== Exercise material ==

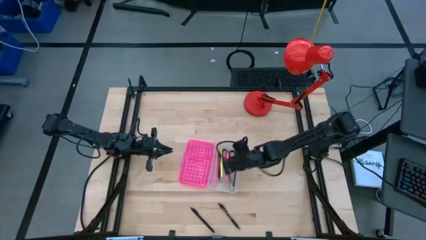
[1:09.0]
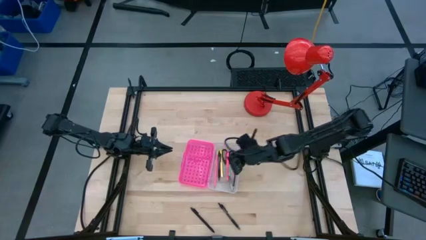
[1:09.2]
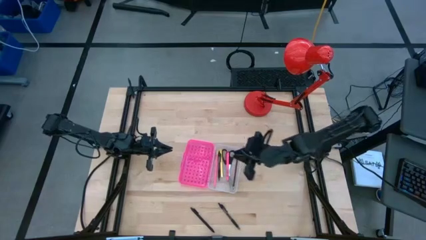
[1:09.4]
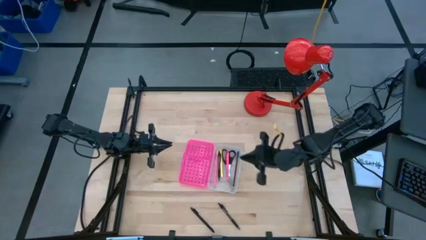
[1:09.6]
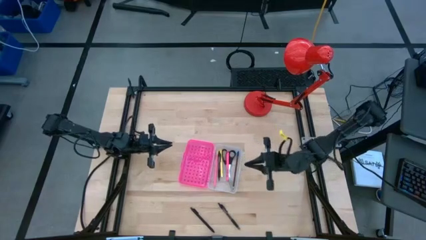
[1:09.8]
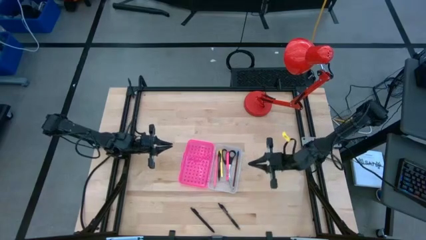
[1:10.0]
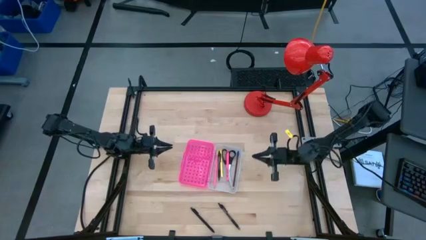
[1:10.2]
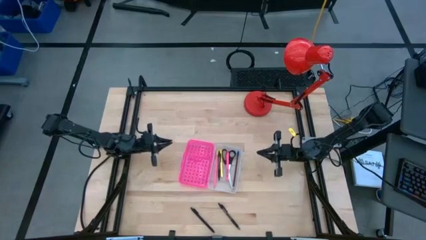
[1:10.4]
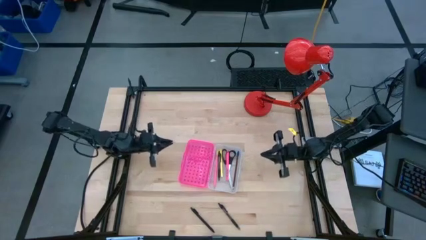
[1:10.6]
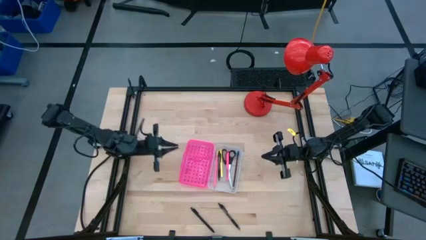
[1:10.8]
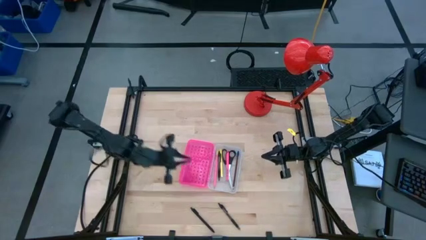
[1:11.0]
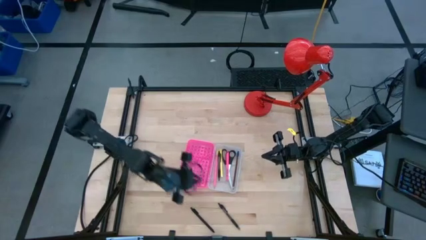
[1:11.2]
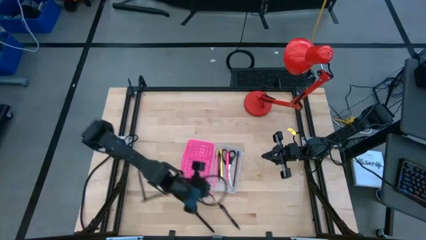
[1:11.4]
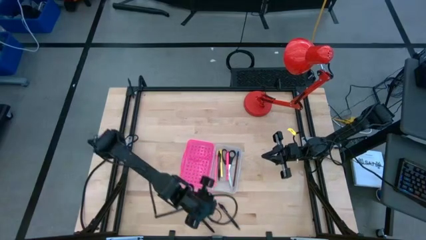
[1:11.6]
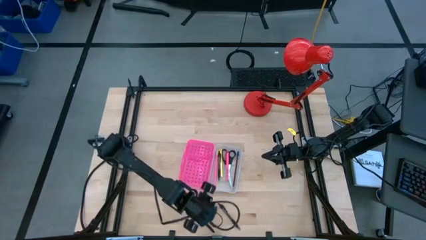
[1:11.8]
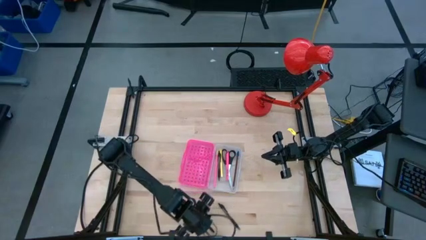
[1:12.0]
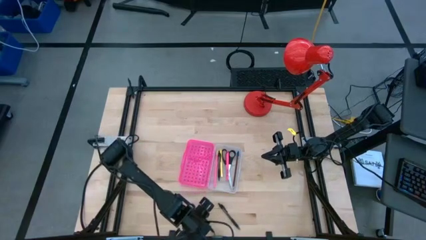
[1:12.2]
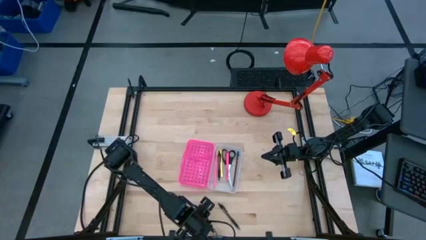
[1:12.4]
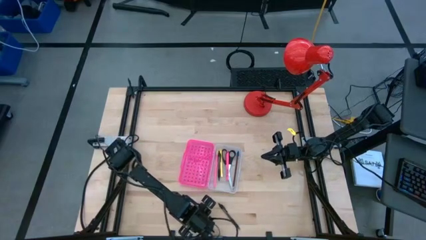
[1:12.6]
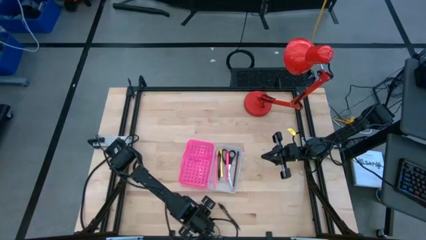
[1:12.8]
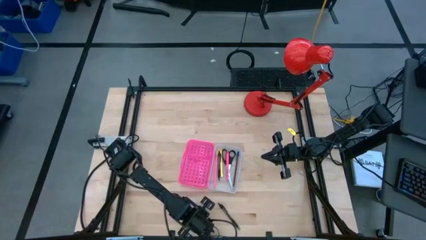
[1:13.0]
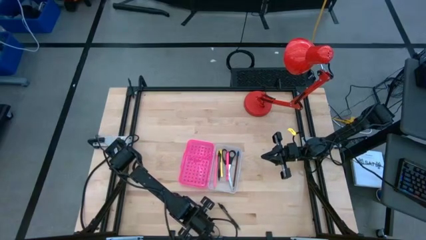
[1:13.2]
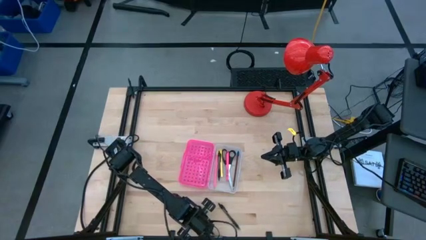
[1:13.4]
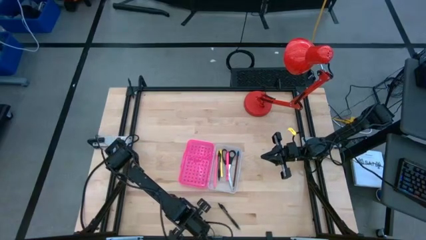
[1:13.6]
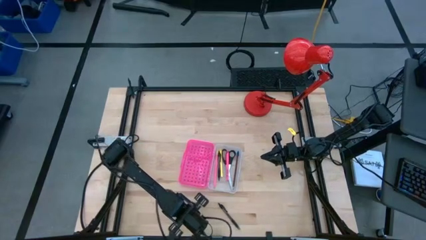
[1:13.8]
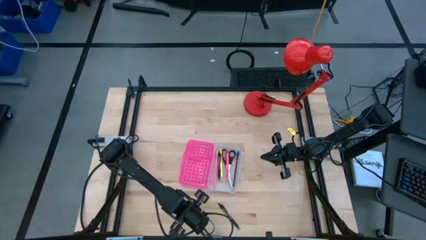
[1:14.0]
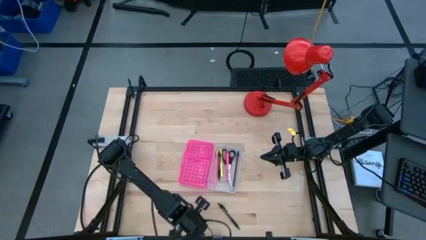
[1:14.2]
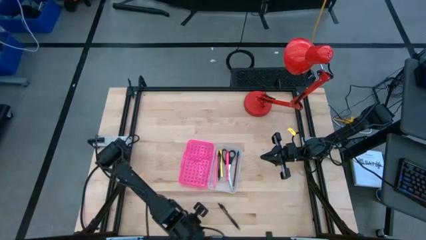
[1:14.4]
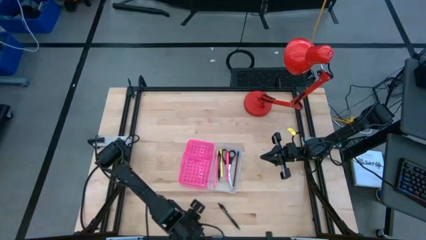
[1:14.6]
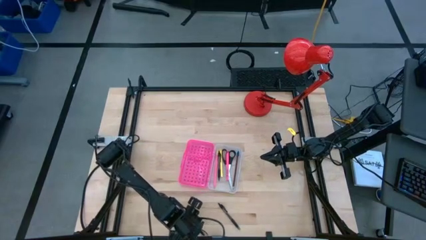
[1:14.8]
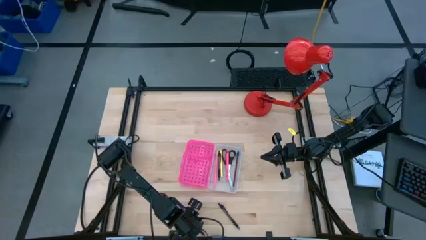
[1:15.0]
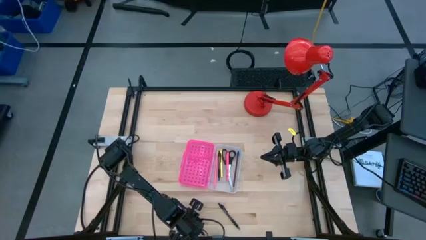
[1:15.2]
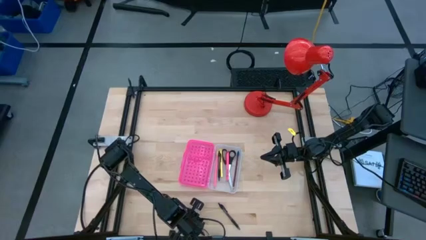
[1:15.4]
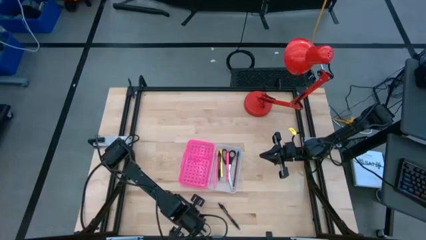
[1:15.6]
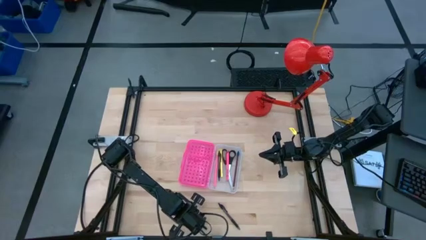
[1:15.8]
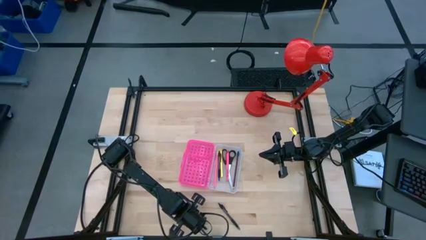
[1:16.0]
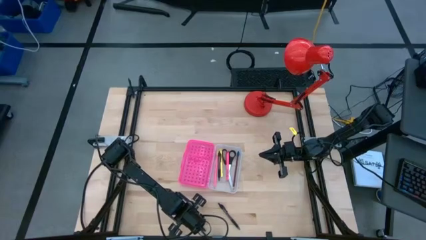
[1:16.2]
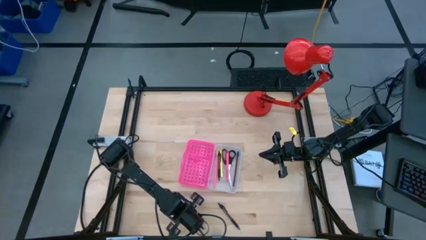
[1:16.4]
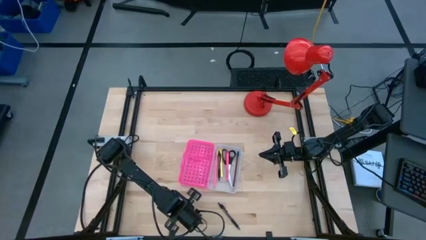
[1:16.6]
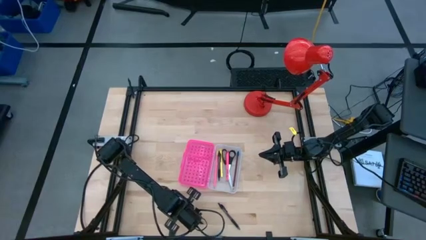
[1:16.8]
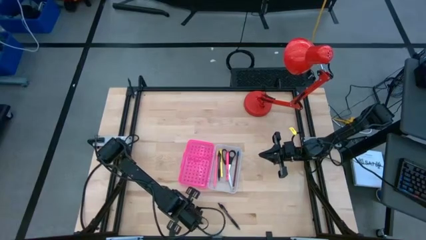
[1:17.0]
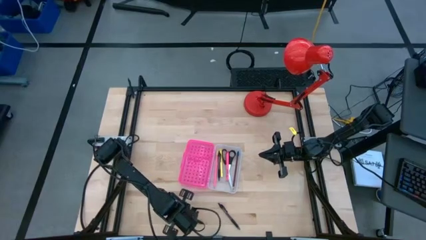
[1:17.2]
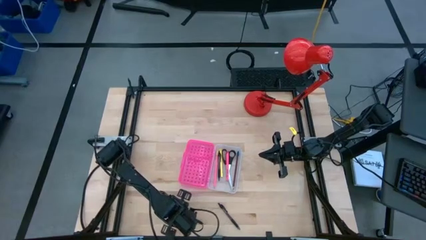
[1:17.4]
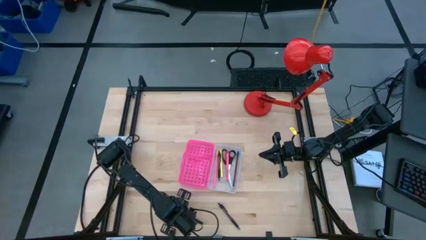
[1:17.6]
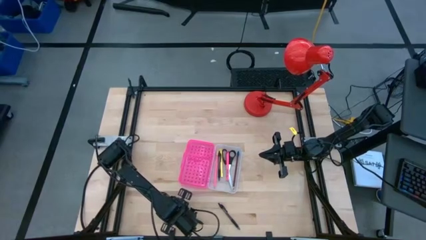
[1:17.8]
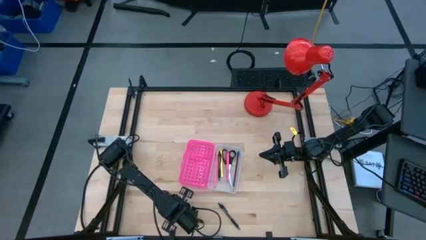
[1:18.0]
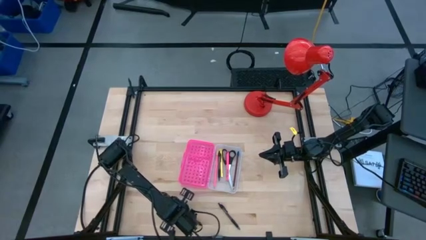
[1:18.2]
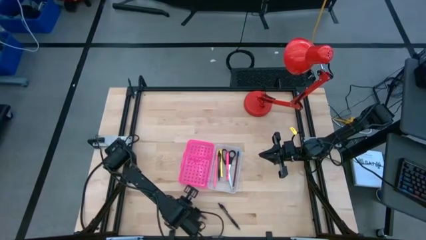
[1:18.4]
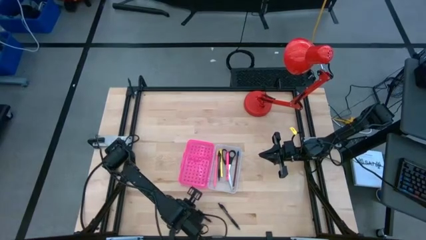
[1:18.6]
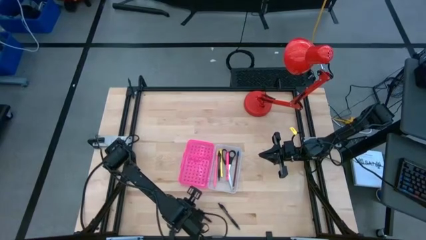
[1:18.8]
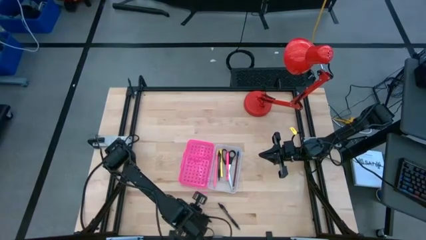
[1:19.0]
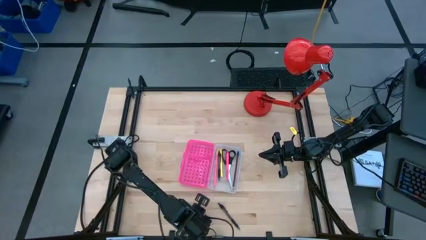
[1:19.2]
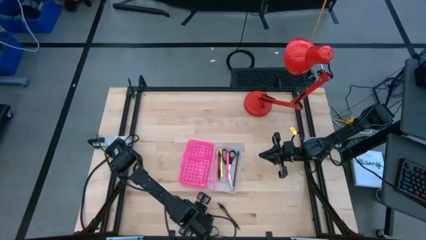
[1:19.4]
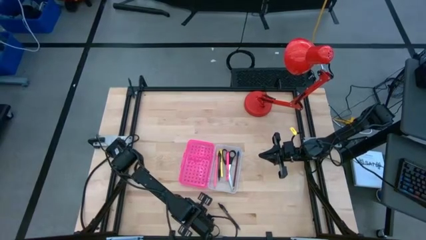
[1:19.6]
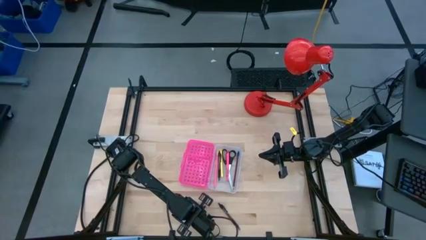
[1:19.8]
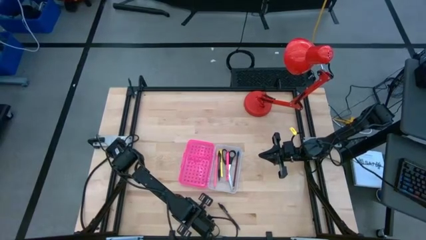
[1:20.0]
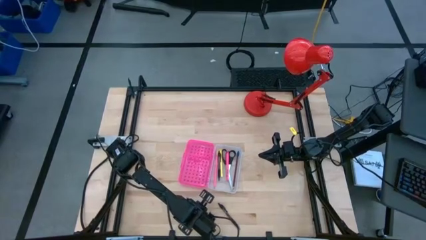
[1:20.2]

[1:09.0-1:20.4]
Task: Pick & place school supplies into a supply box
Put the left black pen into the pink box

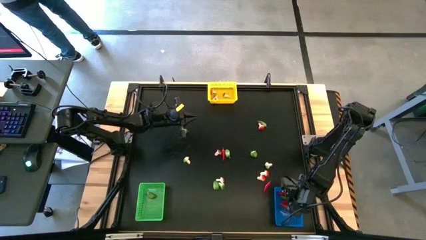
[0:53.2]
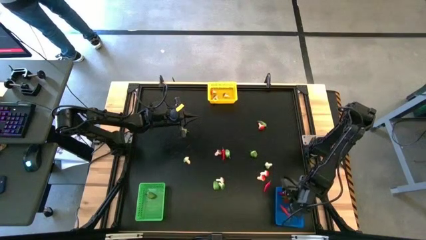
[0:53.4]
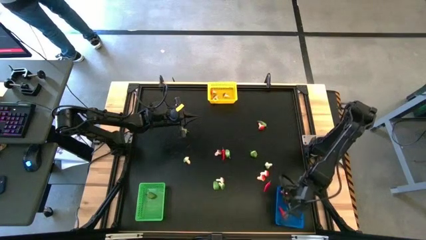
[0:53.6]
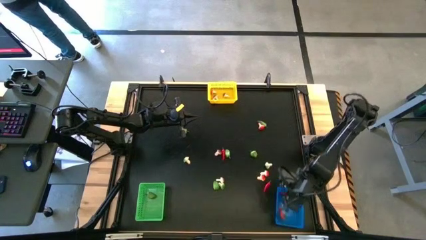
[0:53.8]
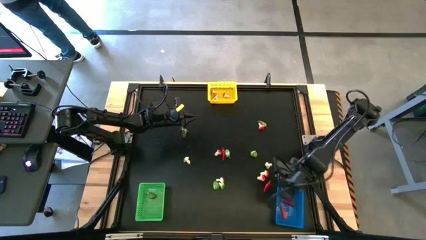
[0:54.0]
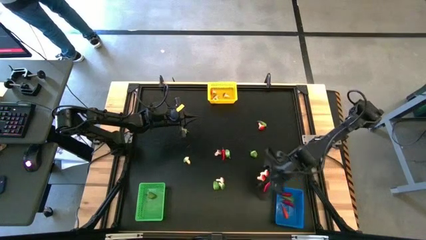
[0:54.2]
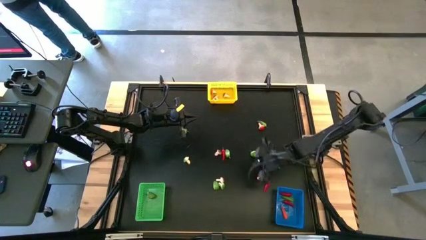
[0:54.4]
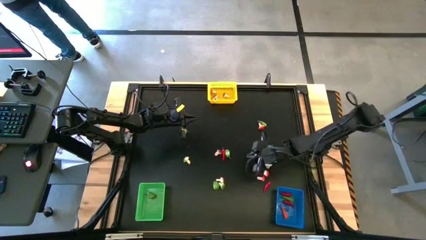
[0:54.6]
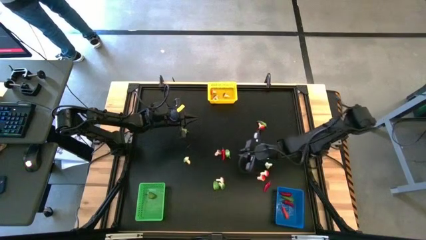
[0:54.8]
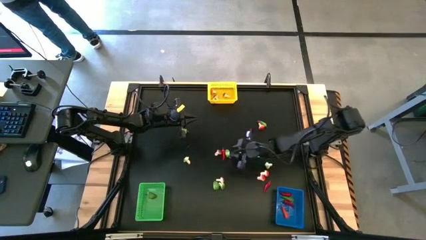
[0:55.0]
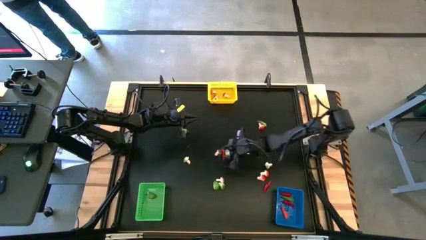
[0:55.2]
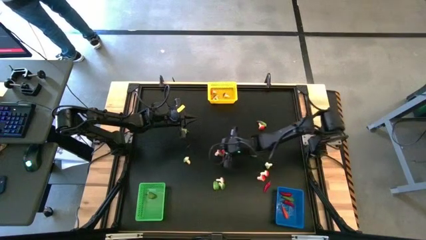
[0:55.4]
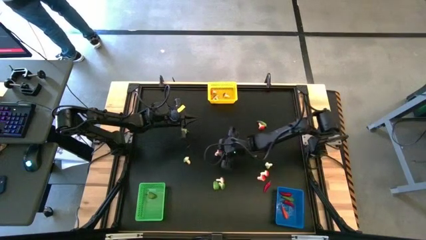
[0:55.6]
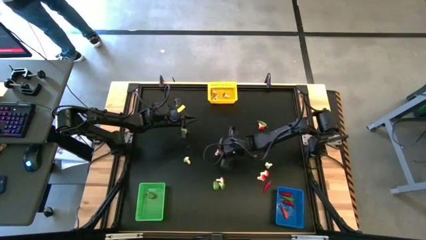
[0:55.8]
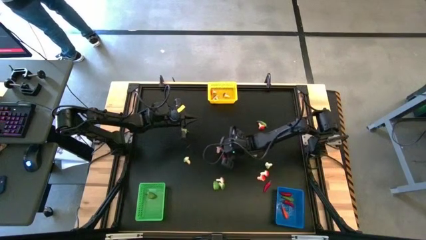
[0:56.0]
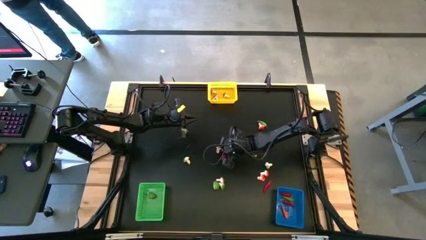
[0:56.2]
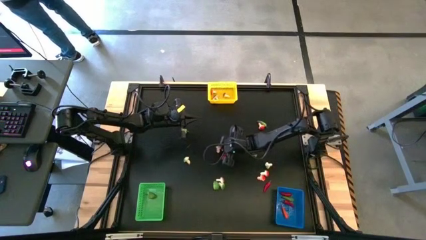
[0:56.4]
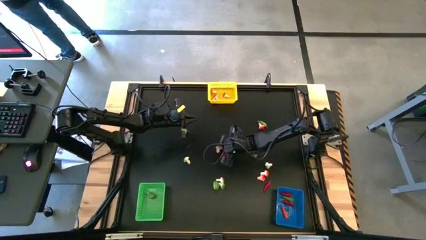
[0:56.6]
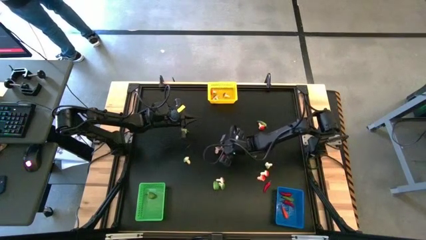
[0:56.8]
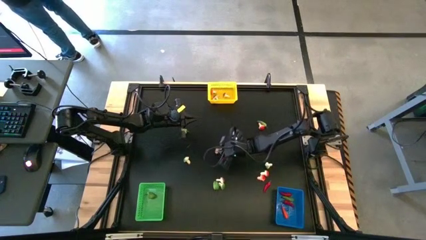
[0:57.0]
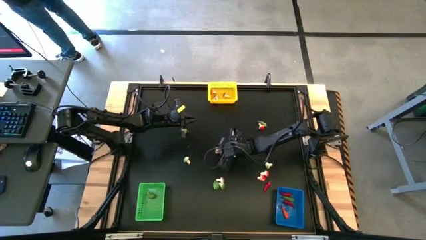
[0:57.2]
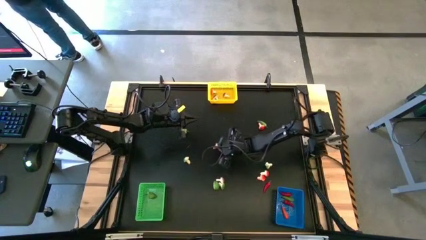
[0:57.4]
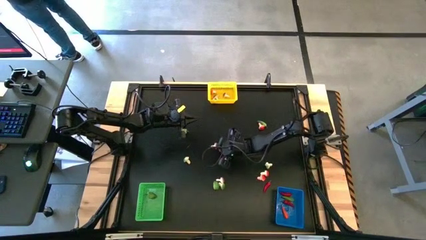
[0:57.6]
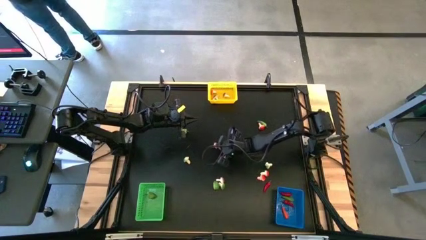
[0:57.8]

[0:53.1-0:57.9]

===

▶ **Task prompt**:
Leaving aside the pictures, copy the listing above exactly.

▶ **Solved problem**:
[1:09.0]
[1:09.2]
[1:09.4]
[1:09.6]
[1:09.8]
[1:10.0]
[1:10.2]
[1:10.4]
[1:10.6]
[1:10.8]
[1:11.0]
[1:11.2]
[1:11.4]
[1:11.6]
[1:11.8]
[1:12.0]
[1:12.2]
[1:12.4]
[1:12.6]
[1:12.8]
[1:13.0]
[1:13.2]
[1:13.4]
[1:13.6]
[1:13.8]
[1:14.0]
[1:14.2]
[1:14.4]
[1:14.6]
[1:14.8]
[1:15.0]
[1:15.2]
[1:15.4]
[1:15.6]
[1:15.8]
[1:16.0]
[1:16.2]
[1:16.4]
[1:16.6]
[1:16.8]
[1:17.0]
[1:17.2]
[1:17.4]
[1:17.6]
[1:17.8]
[1:18.0]
[1:18.2]
[1:18.4]
[1:18.6]
[1:18.8]
[1:19.0]
[1:19.2]
[1:19.4]
[1:19.6]
[1:19.8]
[1:20.0]
[1:20.2]

[1:09.0-1:20.4]
Task: Pick & place school supplies into a supply box
Put the left black pen into the pink box

[0:53.2]
[0:53.4]
[0:53.6]
[0:53.8]
[0:54.0]
[0:54.2]
[0:54.4]
[0:54.6]
[0:54.8]
[0:55.0]
[0:55.2]
[0:55.4]
[0:55.6]
[0:55.8]
[0:56.0]
[0:56.2]
[0:56.4]
[0:56.6]
[0:56.8]
[0:57.0]
[0:57.2]
[0:57.4]
[0:57.6]
[0:57.8]

[0:53.1-0:57.9]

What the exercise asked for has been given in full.